# bootlogging showconsole vs. bootlogd

## marcelser

Hi,

I found out that there are two programs which do a logging of the console output during the bootprocess one is "app-admin/showconsole" which uses /sbin/blogd and and places a shell script /lib/rcscripts/addons/blogger.sh, the output of the boot process should result in /var/log/boot.msg

on the other hand there is bootlogd which is part of the baselayout and seems to do the same job producing a /var/log/boot file.

Problem is: Neither of them can be started easily. The blogger.sh file in /lib/rcscripts/addons for example looks for a ${RC_BOOTLOG} == yes variable and for the moment I haven't found out where I have to set this variable (wild guess: Do I have to patch the .config for the kernel??)

The booglogd on the other hand has no start file in /etc/init.d/. Can someone maybe provide a init file so the logger would be started as soon as possible (at best just after loading the kernel).

I would be really great if some gurus could provide infos on how to start one of these console loggers.

Thanks a lot

----------

## nielchiano

just a "me-too" post... (and a bump)

----------

## nielchiano

found this (haven't tried it yet): http://users.tkk.fi/~jvroutak/r50/config/etc/init.d/stop-bootlogd

----------

## mwiertz

Hi,

just a kind of me-too post...

I came across the showconsole app today and I'm still wondering how to get it running... if someone please could help?

----------

## nielchiano

I've been doing some research on it.

Bootlogd seems like the thing that will make it into gentoo.

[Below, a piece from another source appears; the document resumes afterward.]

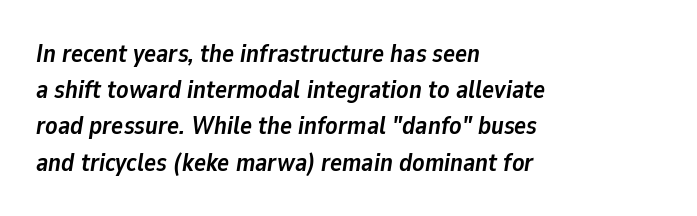
{"italic": "yes", "lean": "right", "slant_degrees": 9, "bold": "yes", "underline": "no", "align": "left", "line_spacing": "normal", "line_spacing_ratio": 1.45, "letter_spacing": "normal", "letter_spacing_em": 0.0, "glyph_px": 25}

Program looks nice, but doesn't have an init script.

I'm on vacation now, so I'll be at the beach rather than writing init-scripts; but when I get back to update my server I might write one myself... stay tuned...

PS: MIGHT, don't flame me because I didn't. (you can, however, remind me...)

----------

## marcelser

Hi Nielchiano,

 *nielchiano wrote:*   

> I've been doing some research on it.
> 
> Bootlogd seems like the thing that will make it into gentoo. Program looks nice, but doesn't have an init script.
> 
> I'm on vacation now, so I'll be at the beach rather than writing init-scripts; but when I get back to update my server I might write one myself... stay tuned...
> ...

 

There's no need to write something for bootlogd because it happens that bootlogd is not making it into gentoo. If you upgrade to baselayout 1.11.13 and you look into /sbin/rc you will see bootlog start, bootlog sync and bootlog quit commands and you will notice that in /sbin/functions.sh the bootlogger.sh addon which controls blogd is imported. All that's missing is the needed RC variable in /etc/conf.d/rc.

So to get blogd working all you have to do is:

1.) emerge showconsole

2.) add RC_BOOTLOG="yes" to /etc/conf.d/rc

of course you need to upgrade to baselayout 1.11.13 before doing this steps.

Then all boot messages are logged to /var/log/boot.msg until runlevel 3 is reached. Also blogd has the big advantage that it strips ANSI color codes making boot.msg real easily readable where as bootlogd logs everything which makes the produced boot log file is nearly unreadable.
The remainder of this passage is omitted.